Les sources religieuses sont complétées par la littérature de voyage (guides touristiques, récits), documents diplomatiques et journaux, les archives d’entreprises et les souvenirs de familles comme celle du banquier Jean Morin, travaillant pour l’agence moscovite du Crédit Lyonnais ou de l’ingénieur Emile Germinet, employé par Gnome et Rhône (devenu Snecma) à la veille de la guerre 1914-1918.

Une vie confortable qui bascule dans le chaos

Avant 1905, les Français, investis massivement dans les affaires, fréquentaient une paroisse catholique dynamique et généreuse, créant des infrastructures francophones utile et modernes, et menaient une vie très confortable à Moscou. C’était une communauté très aisée à la veille de la révolution, comme le témoigne le banquier Jean Morin, « certainement la plus riche des colonies françaises ». « À Moscou les Français gagnaient largement leur vie », déclare-t-il, cité dans le livre de Sophie Hasquenoph.

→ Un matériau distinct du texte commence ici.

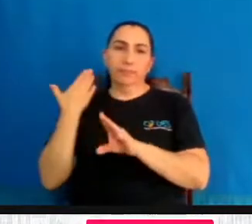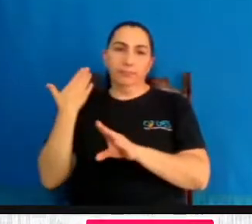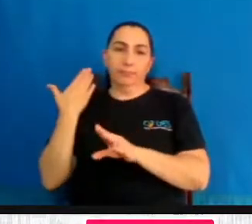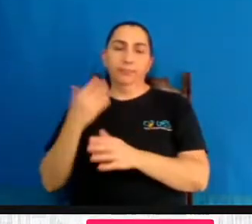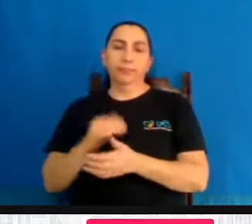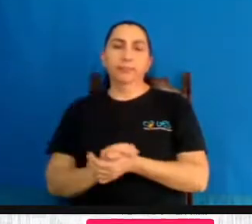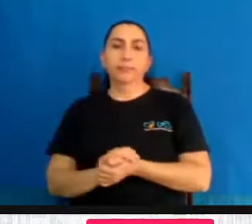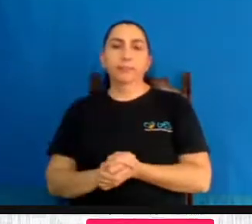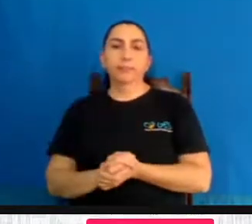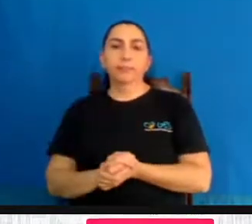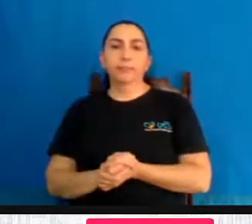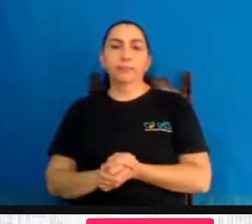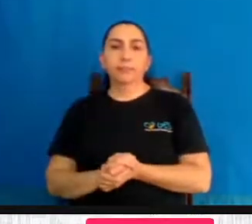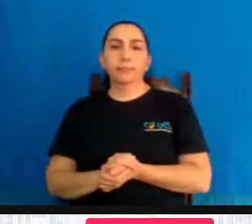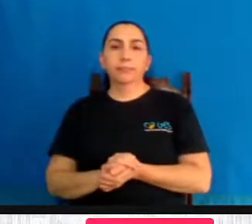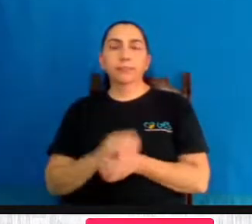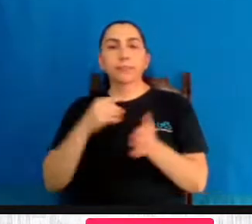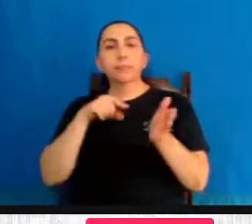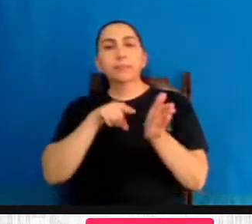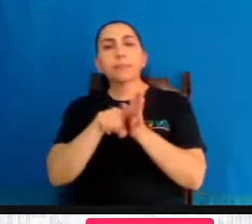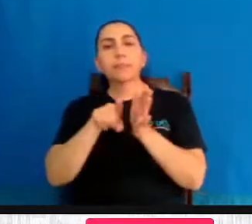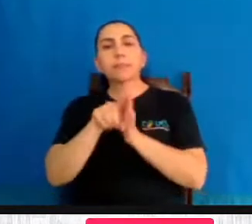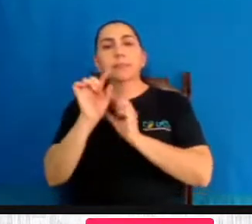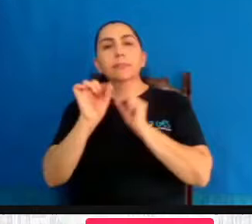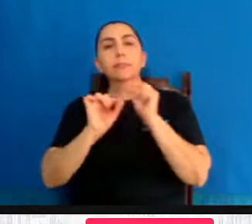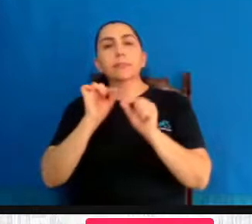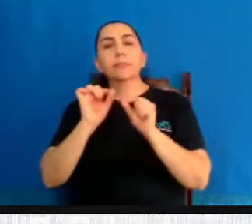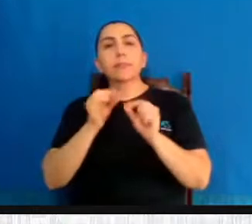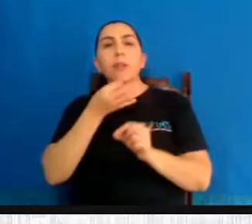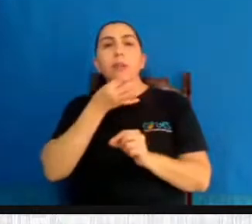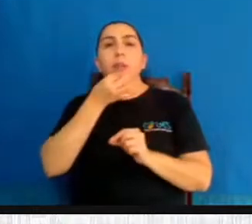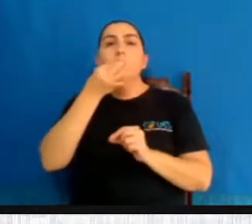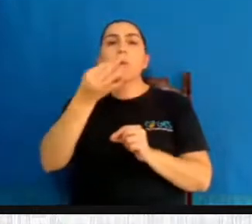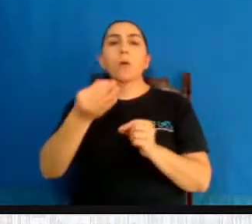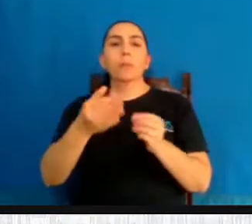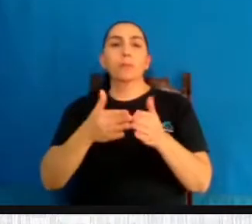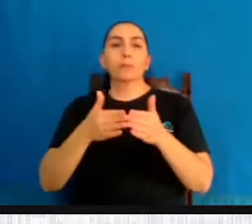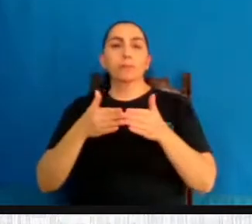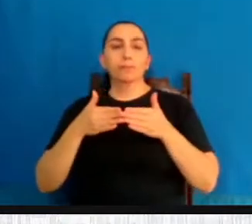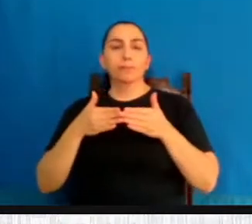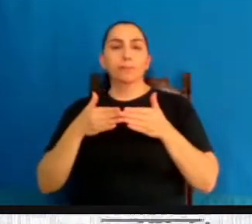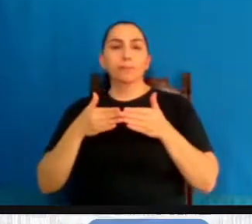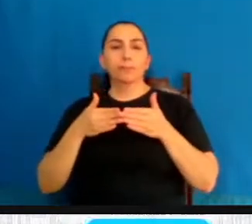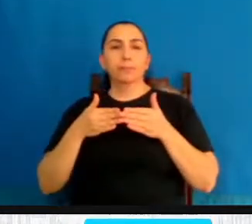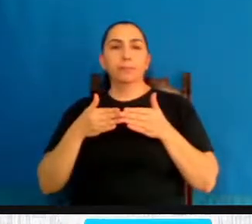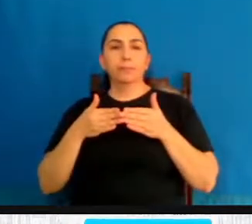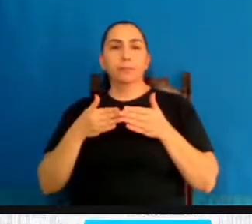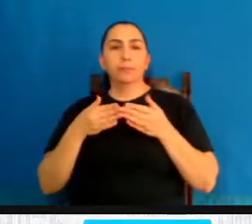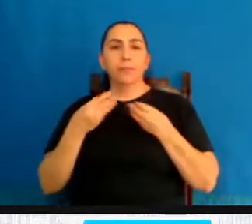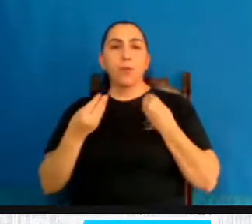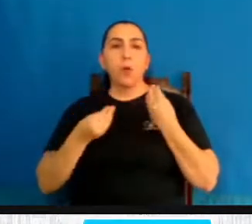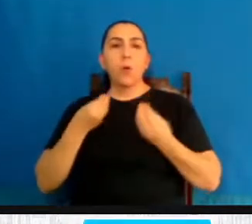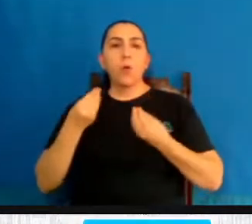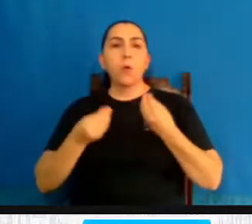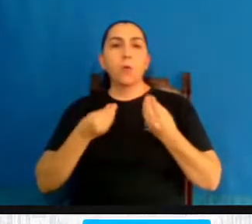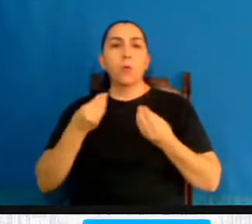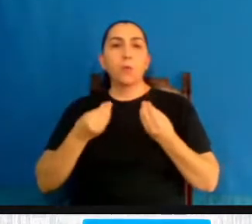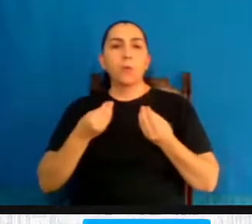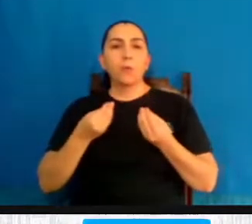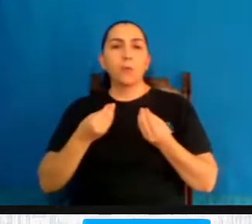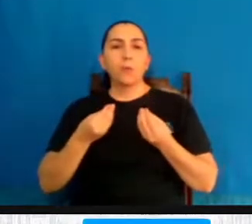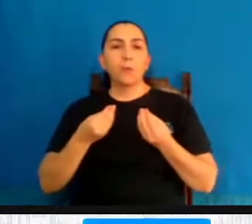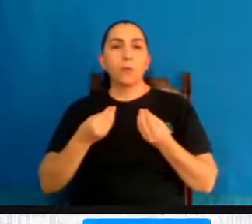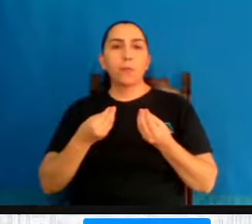A próxima pergunta é comente, por favor, sobre quando é um feto, vocês querem

À partir de 1905 commence une période moins favorable, pour s’achever par l’épreuve de la Révolution de 1917. La communauté française de Moscou bascule progressivement d’un extrême à l’autre, sans toujours bien se rendre compte que l’Ancien régime tsariste est mourant et qu’il les entraîne dans sa perte. Les Français de Moscou face à la révolution russe (1900-1920), c’est l’histoire d’un second échec pour une communauté française qui avait tout pour perdurer.